WHAT THE TASK ASKS:
Pictures stay out; print the rest of the listing below exactly as it stands.

DATA SECTION:
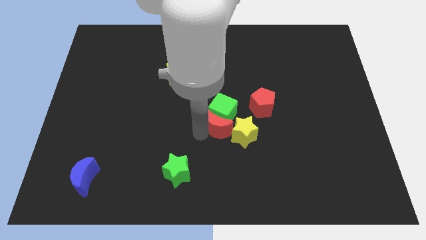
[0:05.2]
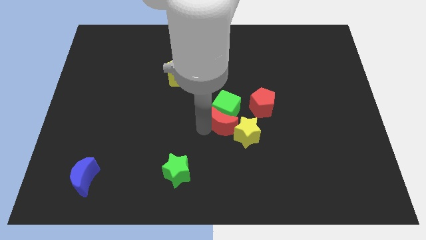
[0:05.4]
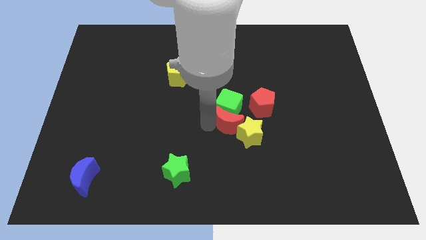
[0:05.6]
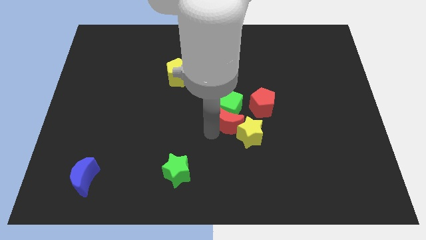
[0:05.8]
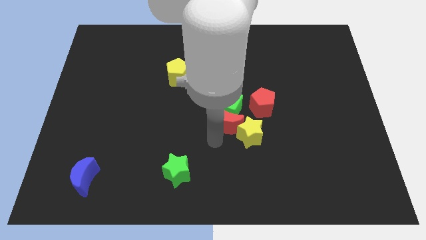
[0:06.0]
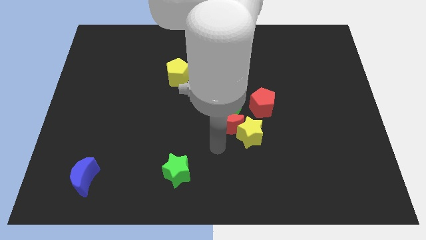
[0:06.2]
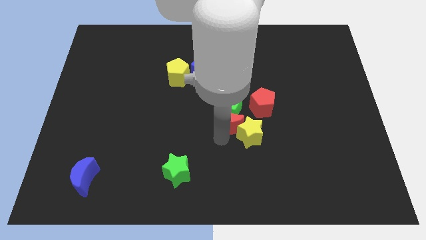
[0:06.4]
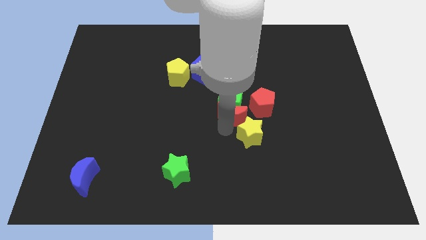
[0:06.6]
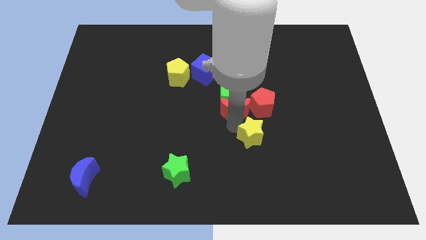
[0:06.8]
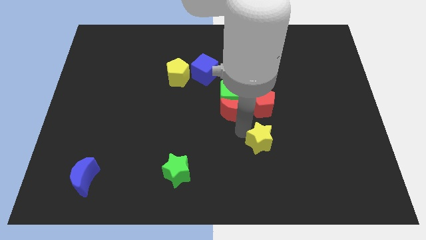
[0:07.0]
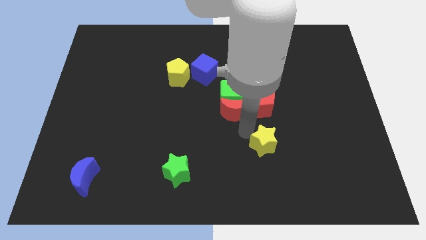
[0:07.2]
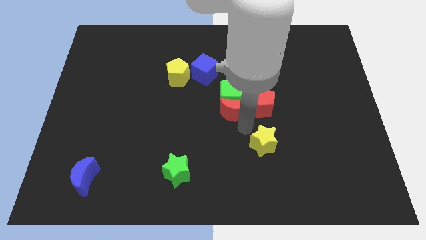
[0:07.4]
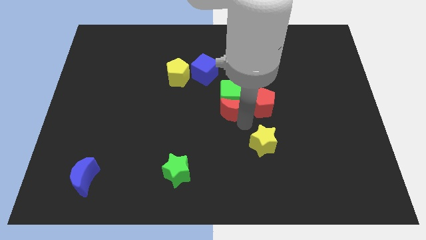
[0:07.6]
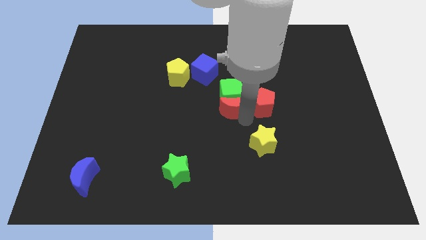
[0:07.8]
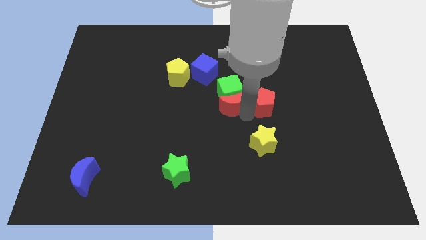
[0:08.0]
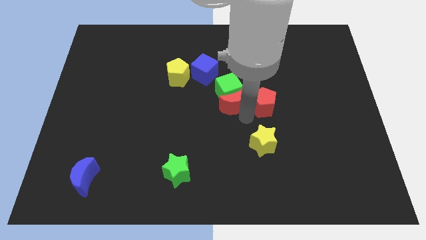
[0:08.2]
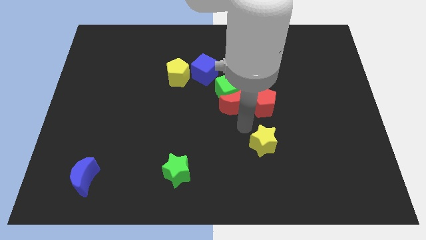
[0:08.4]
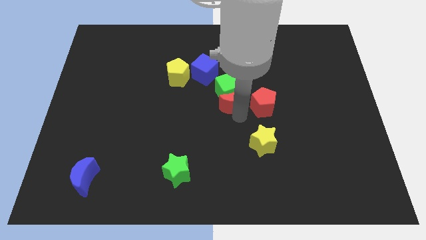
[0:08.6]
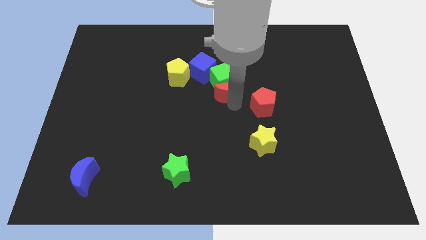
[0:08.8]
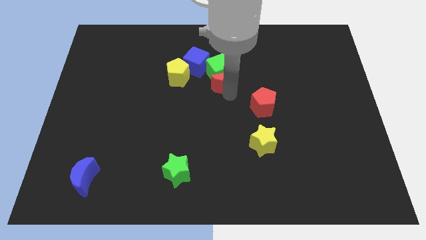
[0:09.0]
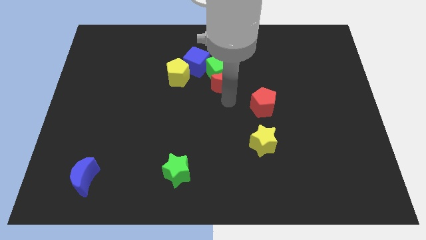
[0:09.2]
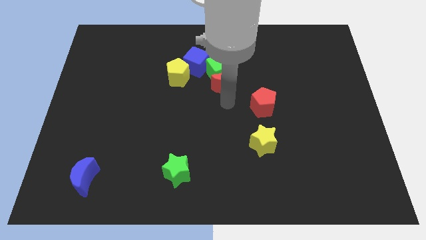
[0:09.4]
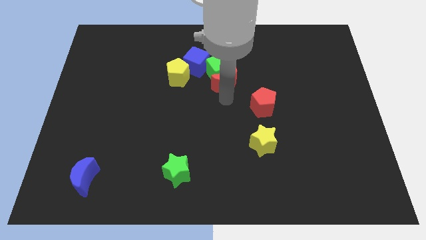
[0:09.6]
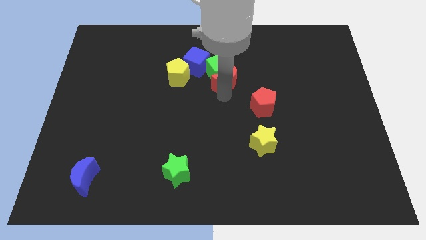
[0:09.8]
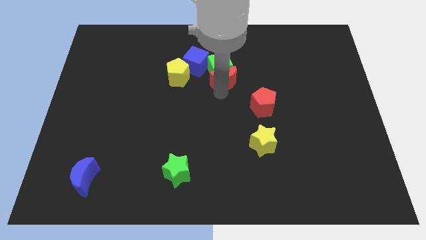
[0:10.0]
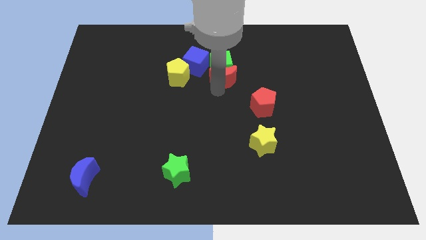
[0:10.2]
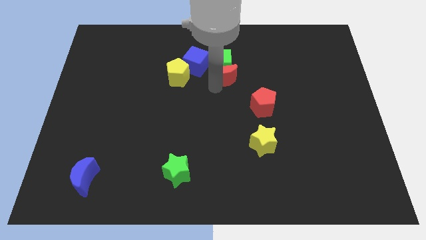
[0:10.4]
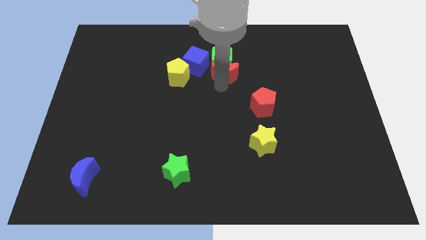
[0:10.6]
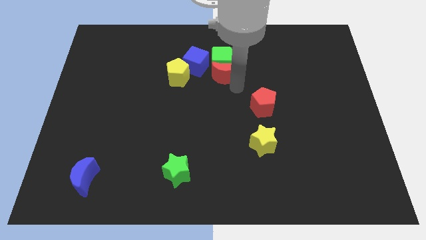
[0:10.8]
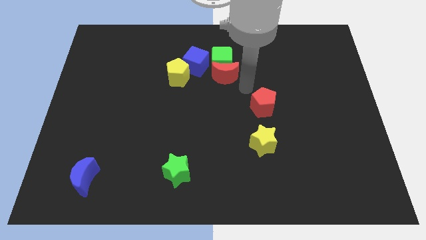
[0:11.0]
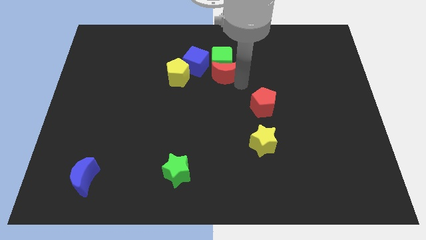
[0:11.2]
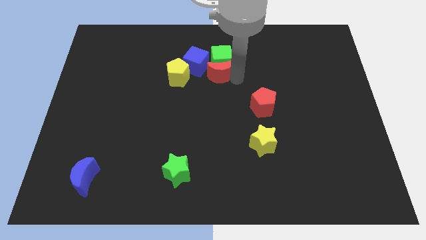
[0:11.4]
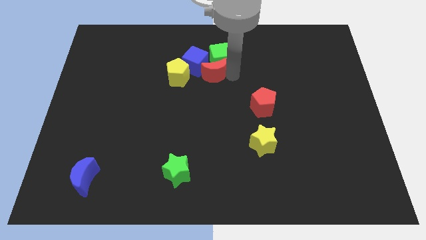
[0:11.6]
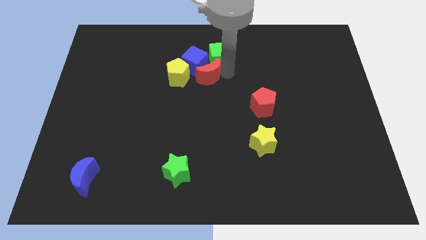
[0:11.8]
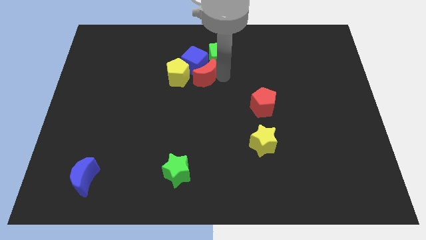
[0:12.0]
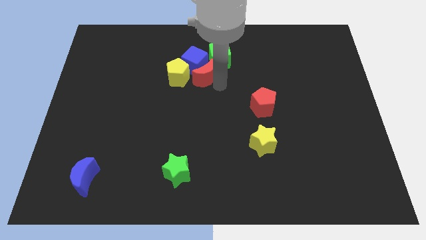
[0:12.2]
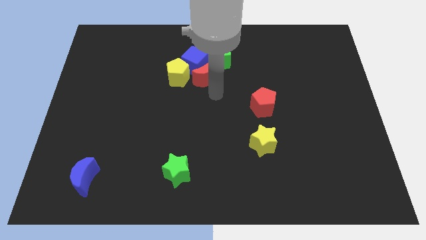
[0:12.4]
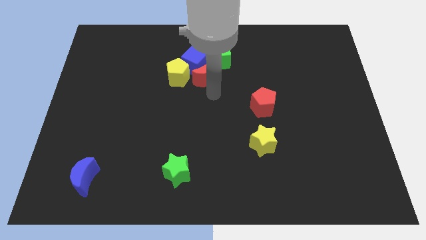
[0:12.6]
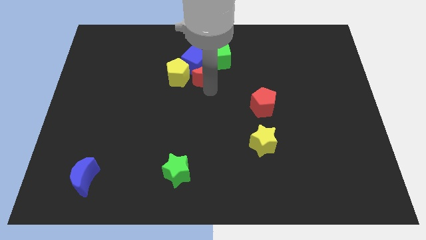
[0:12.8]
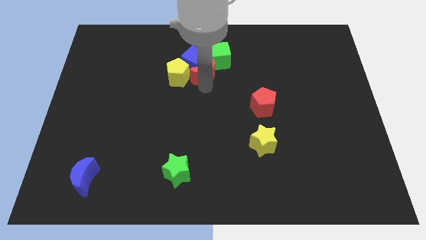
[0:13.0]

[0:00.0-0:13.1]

REPLY:
[0:05.2]
[0:05.4]
[0:05.6]
[0:05.8]
[0:06.0]
[0:06.2]
[0:06.4]
[0:06.6]
[0:06.8]
[0:07.0]
[0:07.2]
[0:07.4]
[0:07.6]
[0:07.8]
[0:08.0]
[0:08.2]
[0:08.4]
[0:08.6]
[0:08.8]
[0:09.0]
[0:09.2]
[0:09.4]
[0:09.6]
[0:09.8]
[0:10.0]
[0:10.2]
[0:10.4]
[0:10.6]
[0:10.8]
[0:11.0]
[0:11.2]
[0:11.4]
[0:11.6]
[0:11.8]
[0:12.0]
[0:12.2]
[0:12.4]
[0:12.6]
[0:12.8]
[0:13.0]

[0:00.0-0:13.1]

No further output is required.